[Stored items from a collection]
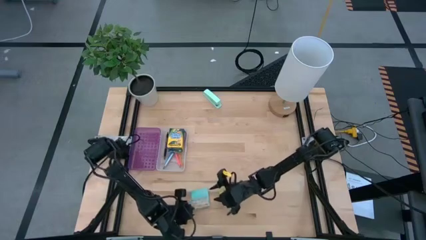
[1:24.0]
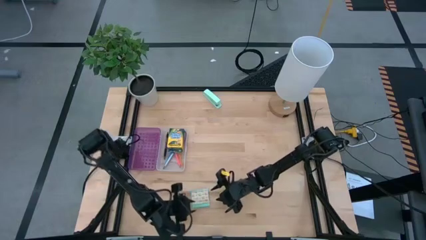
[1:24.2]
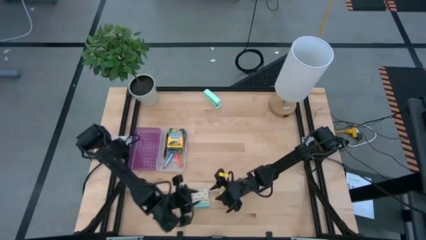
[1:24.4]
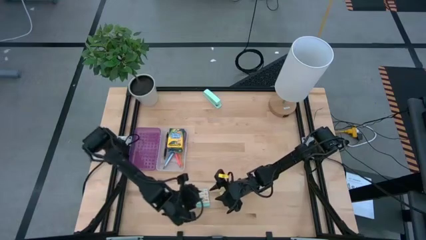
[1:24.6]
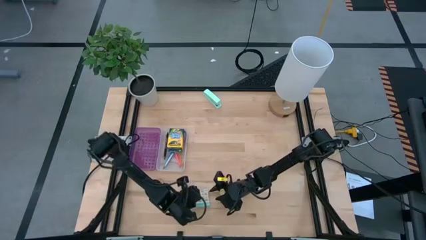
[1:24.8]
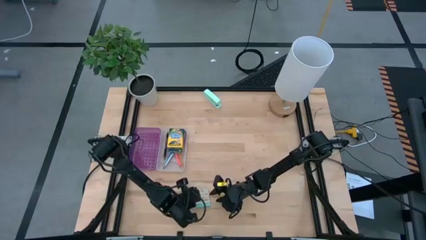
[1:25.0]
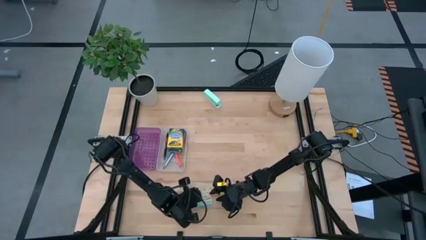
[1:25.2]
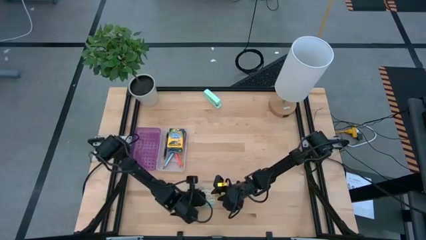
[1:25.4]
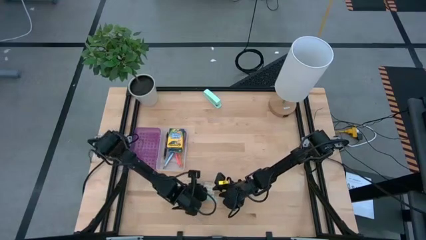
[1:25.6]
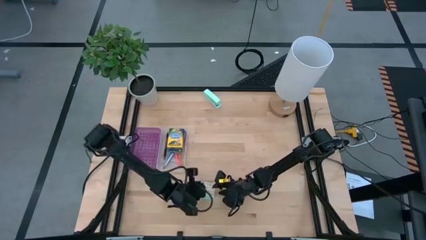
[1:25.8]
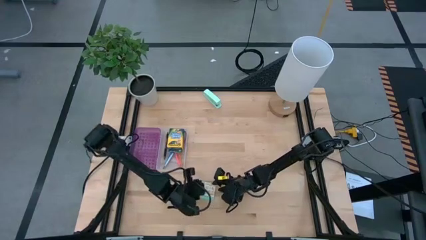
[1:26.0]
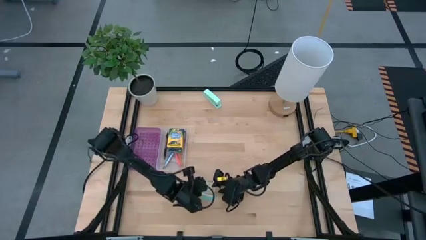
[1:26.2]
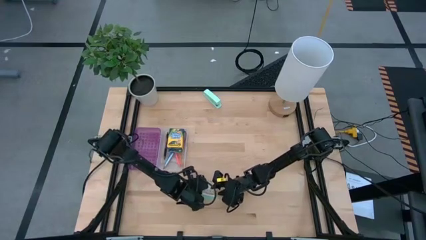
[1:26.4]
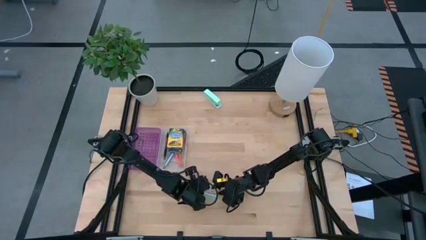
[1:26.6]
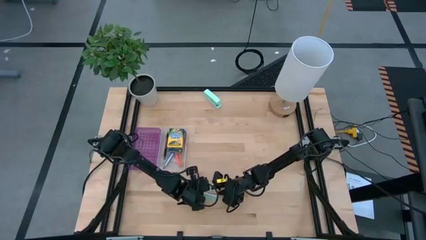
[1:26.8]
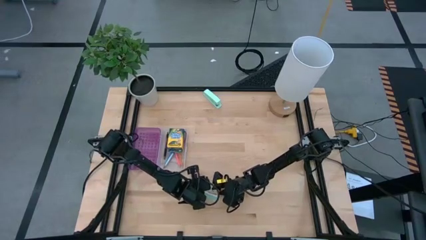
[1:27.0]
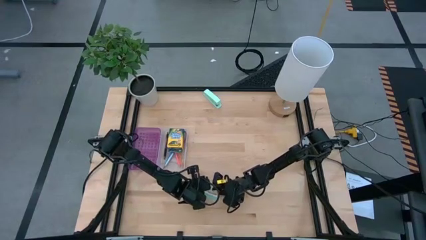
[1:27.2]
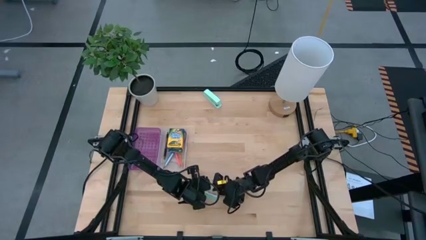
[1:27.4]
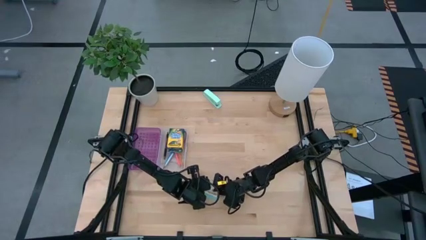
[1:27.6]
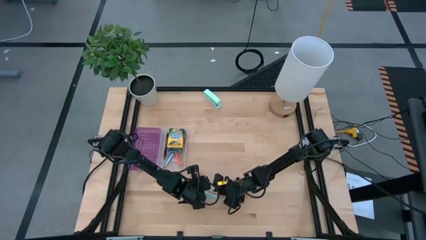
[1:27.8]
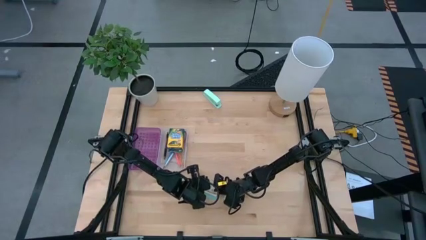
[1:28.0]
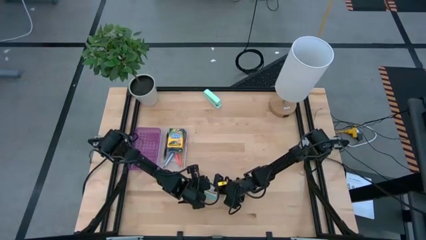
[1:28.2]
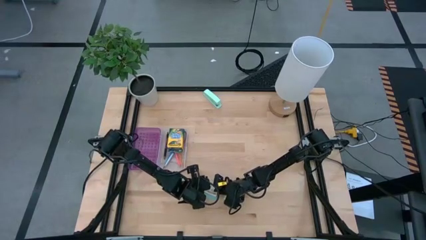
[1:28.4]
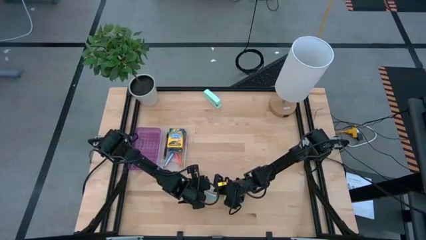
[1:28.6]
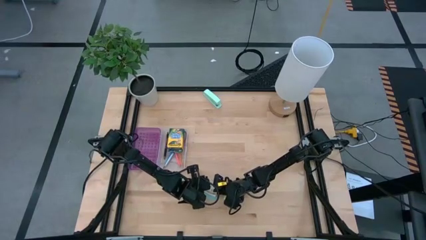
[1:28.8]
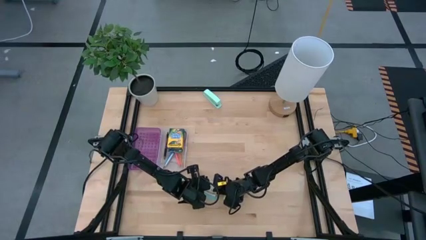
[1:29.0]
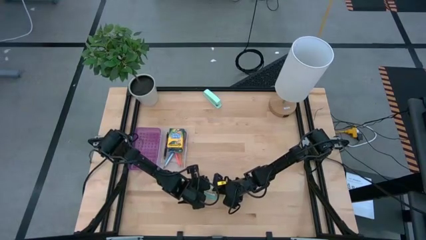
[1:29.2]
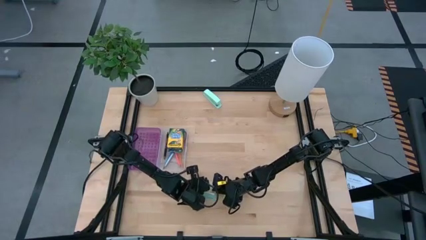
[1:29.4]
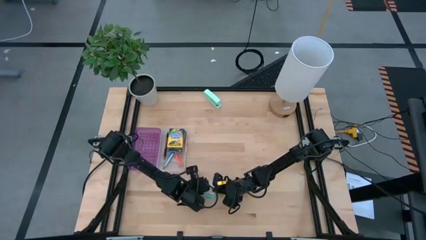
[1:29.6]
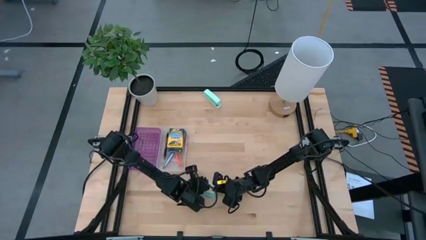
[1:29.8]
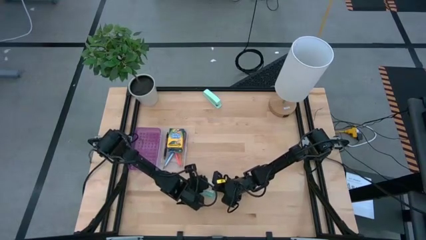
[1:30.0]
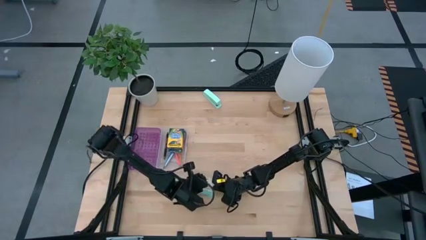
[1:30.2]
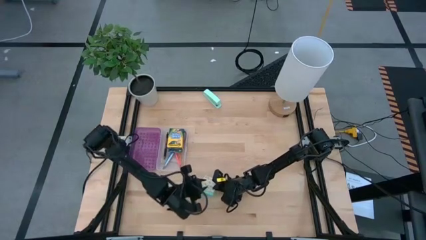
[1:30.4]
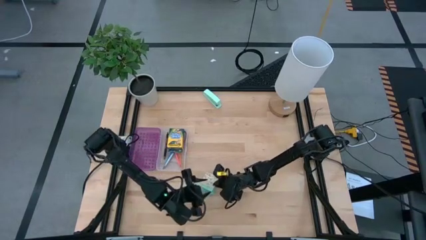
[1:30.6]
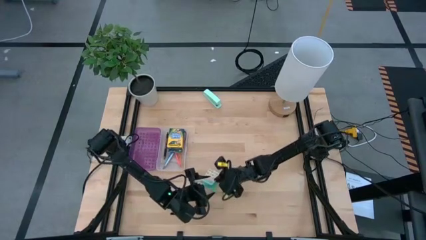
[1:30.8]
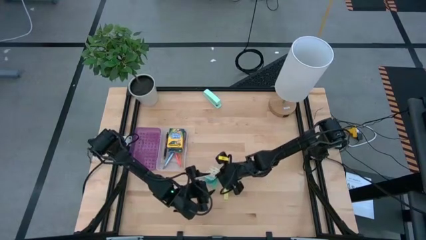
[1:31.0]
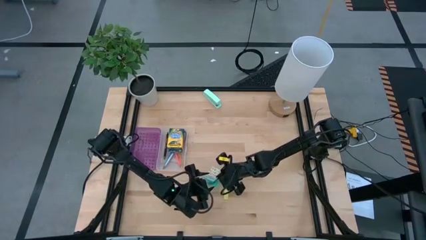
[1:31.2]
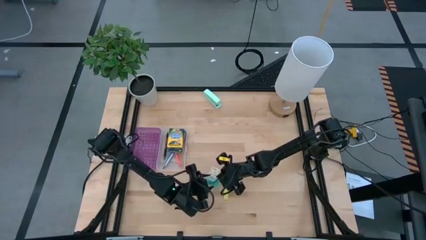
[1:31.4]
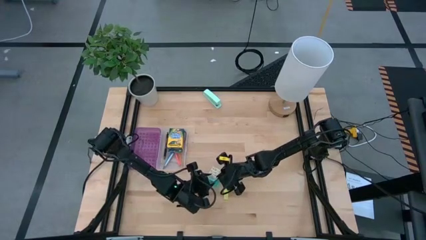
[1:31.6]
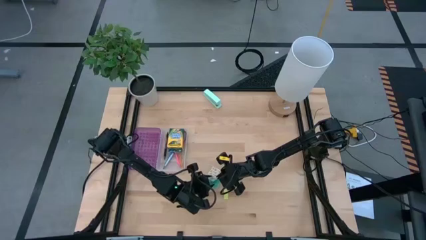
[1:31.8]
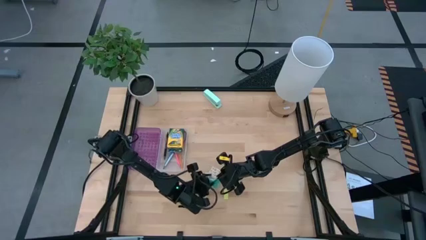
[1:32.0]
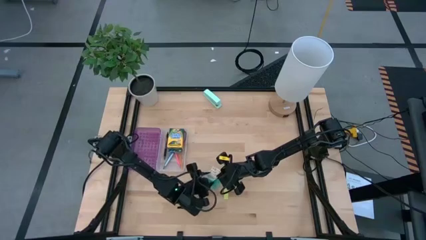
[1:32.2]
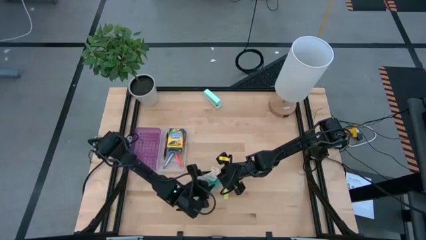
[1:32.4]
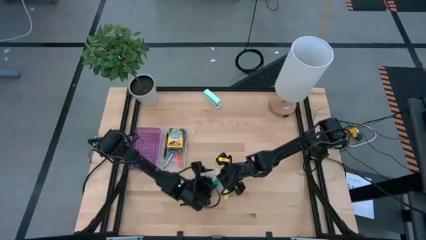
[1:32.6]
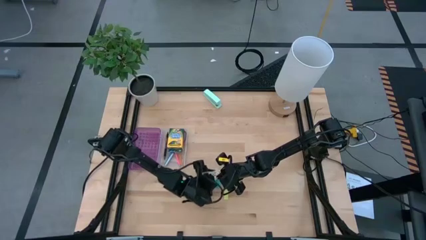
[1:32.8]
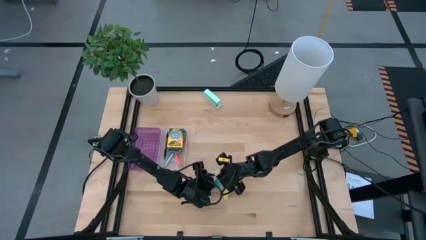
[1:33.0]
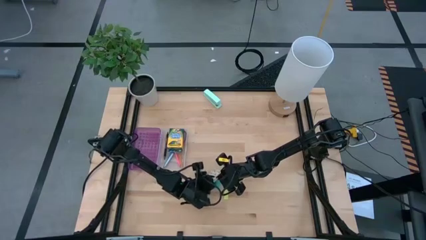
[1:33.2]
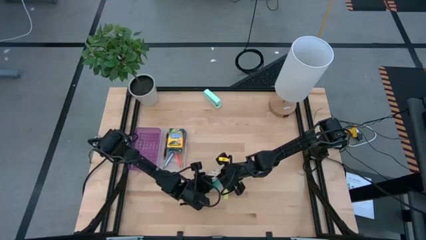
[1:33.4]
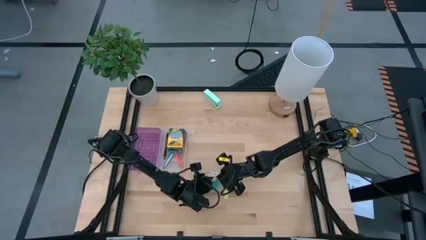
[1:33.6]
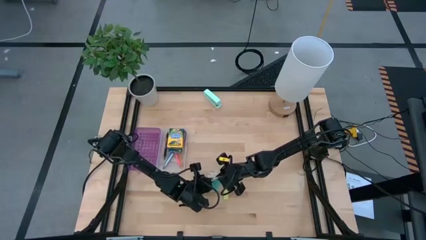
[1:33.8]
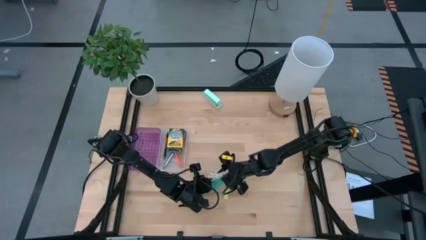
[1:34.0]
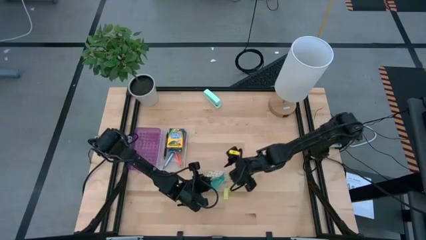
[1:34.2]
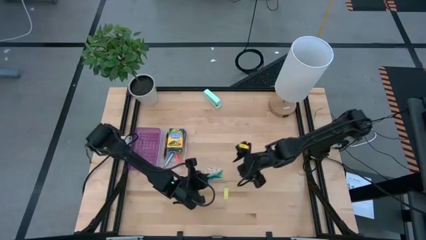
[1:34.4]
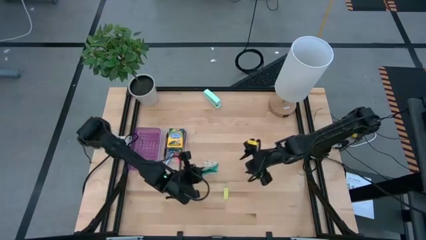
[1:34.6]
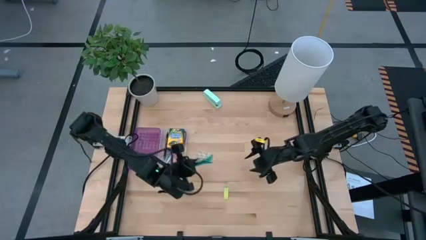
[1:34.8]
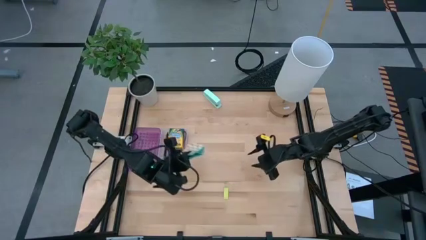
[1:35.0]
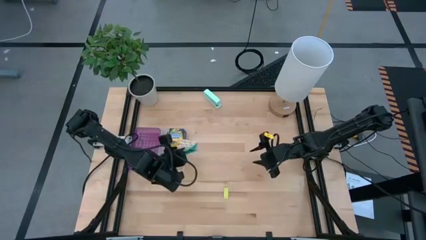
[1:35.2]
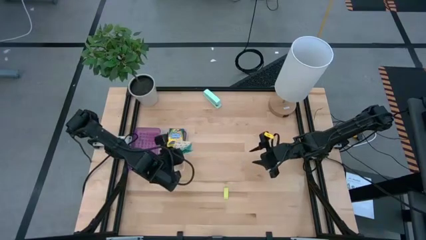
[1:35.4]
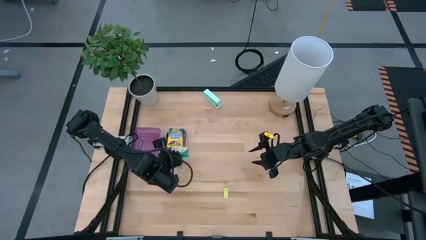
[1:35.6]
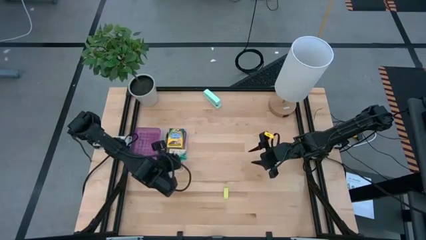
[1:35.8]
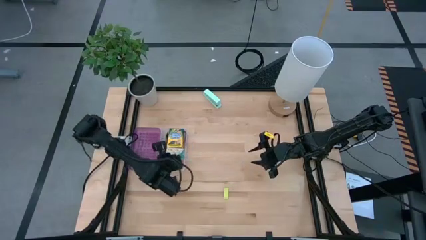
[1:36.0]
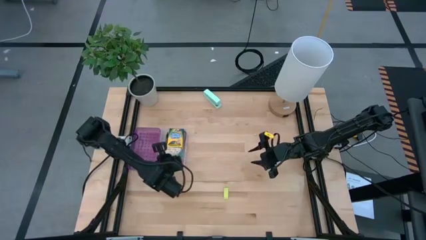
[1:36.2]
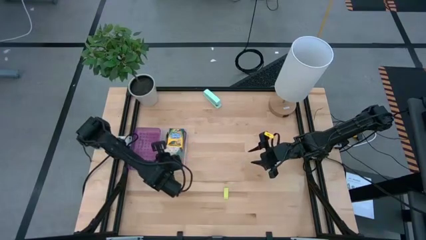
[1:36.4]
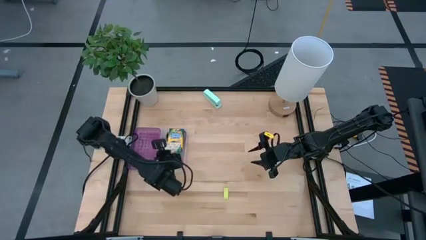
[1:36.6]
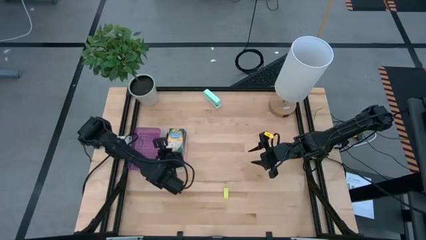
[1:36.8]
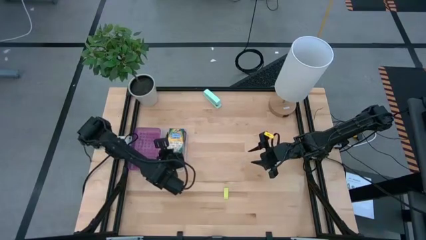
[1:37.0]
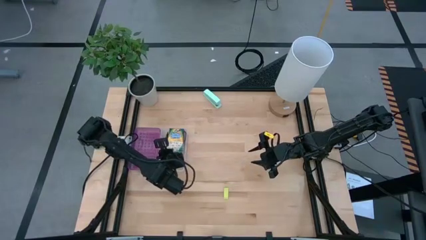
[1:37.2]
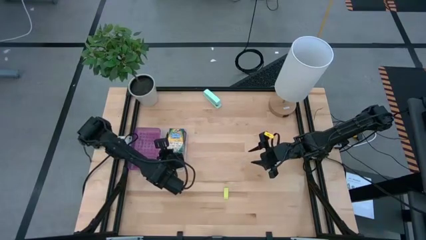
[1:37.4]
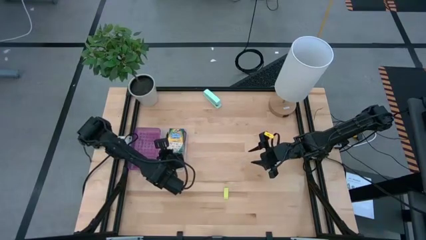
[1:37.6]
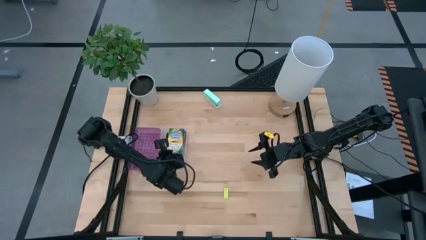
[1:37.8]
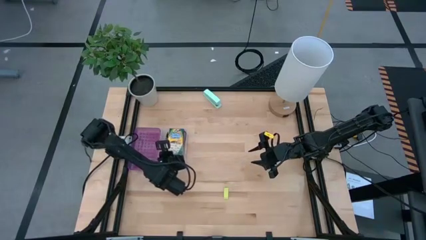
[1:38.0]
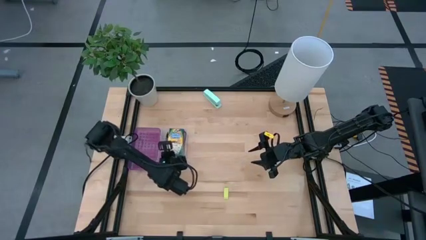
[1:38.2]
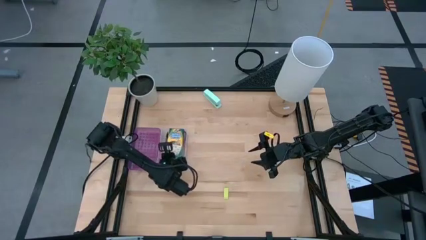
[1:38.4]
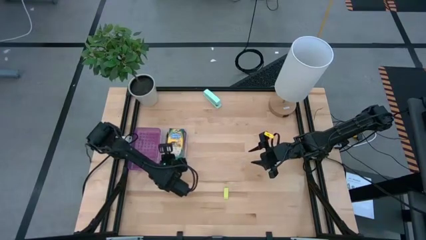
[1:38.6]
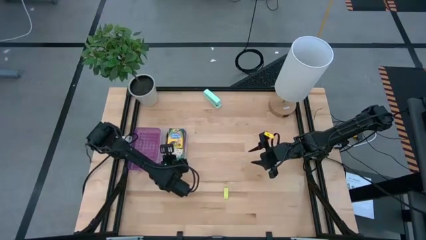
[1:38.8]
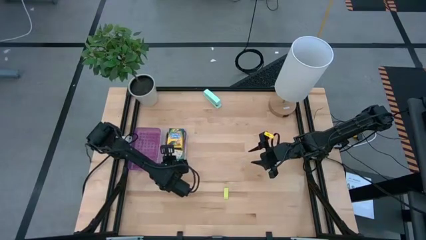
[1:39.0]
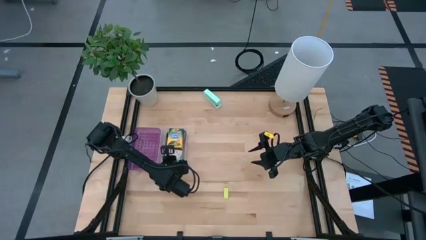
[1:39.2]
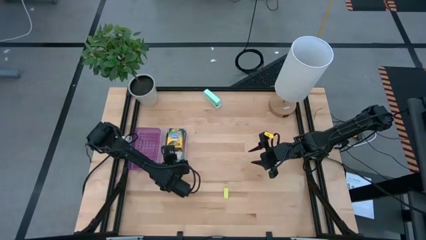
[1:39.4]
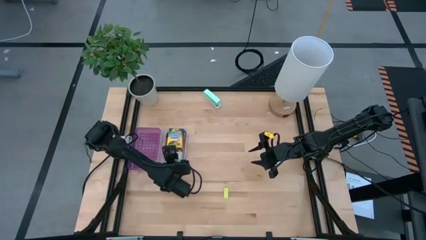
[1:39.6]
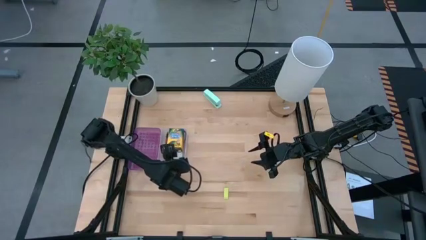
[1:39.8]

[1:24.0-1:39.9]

What is required — Word for word, restate the records above and drop the pictures.

Task solution —
[1:24.0]
[1:24.2]
[1:24.4]
[1:24.6]
[1:24.8]
[1:25.0]
[1:25.2]
[1:25.4]
[1:25.6]
[1:25.8]
[1:26.0]
[1:26.2]
[1:26.4]
[1:26.6]
[1:26.8]
[1:27.0]
[1:27.2]
[1:27.4]
[1:27.6]
[1:27.8]
[1:28.0]
[1:28.2]
[1:28.4]
[1:28.6]
[1:28.8]
[1:29.0]
[1:29.2]
[1:29.4]
[1:29.6]
[1:29.8]
[1:30.0]
[1:30.2]
[1:30.4]
[1:30.6]
[1:30.8]
[1:31.0]
[1:31.2]
[1:31.4]
[1:31.6]
[1:31.8]
[1:32.0]
[1:32.2]
[1:32.4]
[1:32.6]
[1:32.8]
[1:33.0]
[1:33.2]
[1:33.4]
[1:33.6]
[1:33.8]
[1:34.0]
[1:34.2]
[1:34.4]
[1:34.6]
[1:34.8]
[1:35.0]
[1:35.2]
[1:35.4]
[1:35.6]
[1:35.8]
[1:36.0]
[1:36.2]
[1:36.4]
[1:36.6]
[1:36.8]
[1:37.0]
[1:37.2]
[1:37.4]
[1:37.6]
[1:37.8]
[1:38.0]
[1:38.2]
[1:38.4]
[1:38.6]
[1:38.8]
[1:39.0]
[1:39.2]
[1:39.4]
[1:39.6]
[1:39.8]

[1:24.0-1:39.9]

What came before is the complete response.